Course: Math 310W, Foundation for Higher Mathematics
Class hours: MWF 2-3 pm
Classroom: Seigle 109
Instructor: Quo-Shin Chi
Office: Room 210, Cupples I
Office Hours: MW 4-6pm
Textbook: Class Notes

       We shall rigorously go through the construction of real numbers. By "rigorously" we mean we adopt the axiomatic approach to follow precise logical arguments to deduce important properties (theorems) from the chosen fundamental set-theoretic postulates (axioms), while along the way we introduce definitions to facilitate our train of thoughts. More precisely, we start with the 9 axioms of set theory to derive the Peano axioms for natural numbers to build the four operations +, -, *, / for them. We then extend from natural numbers to integers, rational numbers and finally real numbers and their corresponding operations +, -, *, / . The construction of real numbers is the most subtle of all, to which there are several approaches. To let the students be as comfortable and skillful as possible with the notion of limits that is paramount in more advanced courses, we shall adopt Georg Cantor's approach in which a real number is identified with an equivalence class of convergent Cauchy sequences of rational numbers. If we have time, we shall cover some material from elementary number theory of integers.

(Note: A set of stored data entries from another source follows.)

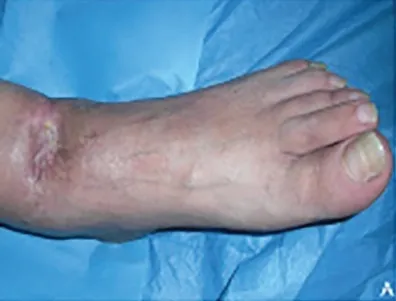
Postoperative view after 45 days:. Anterior view.
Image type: medical_photograph (skin_photograph)
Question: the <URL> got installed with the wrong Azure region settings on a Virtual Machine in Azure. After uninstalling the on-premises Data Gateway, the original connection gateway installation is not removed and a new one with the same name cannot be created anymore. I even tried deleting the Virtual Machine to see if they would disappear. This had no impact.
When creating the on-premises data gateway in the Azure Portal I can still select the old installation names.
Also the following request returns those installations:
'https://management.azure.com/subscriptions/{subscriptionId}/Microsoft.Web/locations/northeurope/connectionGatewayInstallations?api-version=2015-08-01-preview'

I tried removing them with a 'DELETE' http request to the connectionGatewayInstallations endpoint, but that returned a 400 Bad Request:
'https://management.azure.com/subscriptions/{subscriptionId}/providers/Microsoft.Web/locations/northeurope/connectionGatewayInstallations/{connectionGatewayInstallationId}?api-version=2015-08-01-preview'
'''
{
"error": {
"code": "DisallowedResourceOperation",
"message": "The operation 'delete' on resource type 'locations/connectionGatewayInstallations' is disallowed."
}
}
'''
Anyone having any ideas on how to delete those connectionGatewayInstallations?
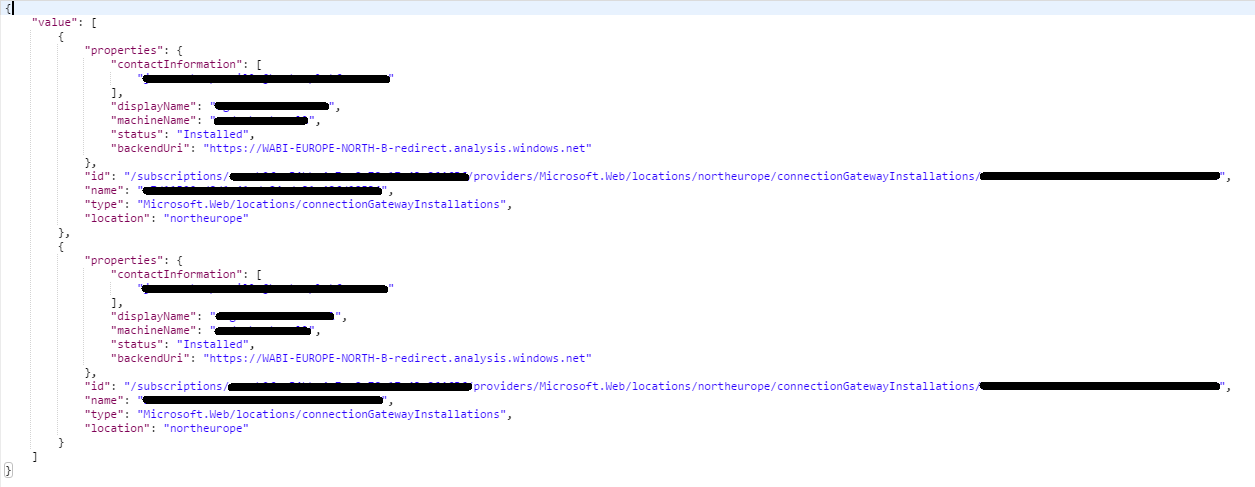
Answer: Looks like this issue resolved itself. The endpoint uri for the connection gateway installation has changed in the api and the old connections are gone now.
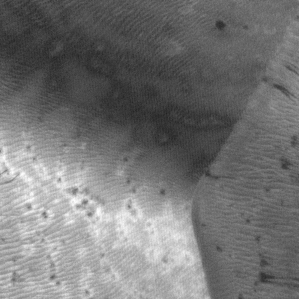
Label: frost

       In addition to the above material for Math 310, we will cover the basics of typing with LaTex in the first two weeks concurrently with the above course material. All your homework sets should be typeset in LaTex; moreover, we will have three essay papers, each about six pages long, such as a report on Fermat's last theorem, etc., to write (with LaTex) during the semester.  
   
      There will be homework assignments (30%), one take-home midterm exam (30%) and the take-home final exam (40%), which constitute 80% of  your overall score, whereas the essay writings will constitute the remaining 20%. Each homework assignment will be given through email on a Friday, except possibly for a couple of exceptions, and it will be due the next Friday in class, except possibly for a couple of exceptions. The three essays will be given as the semester moves on. You should check email regularly.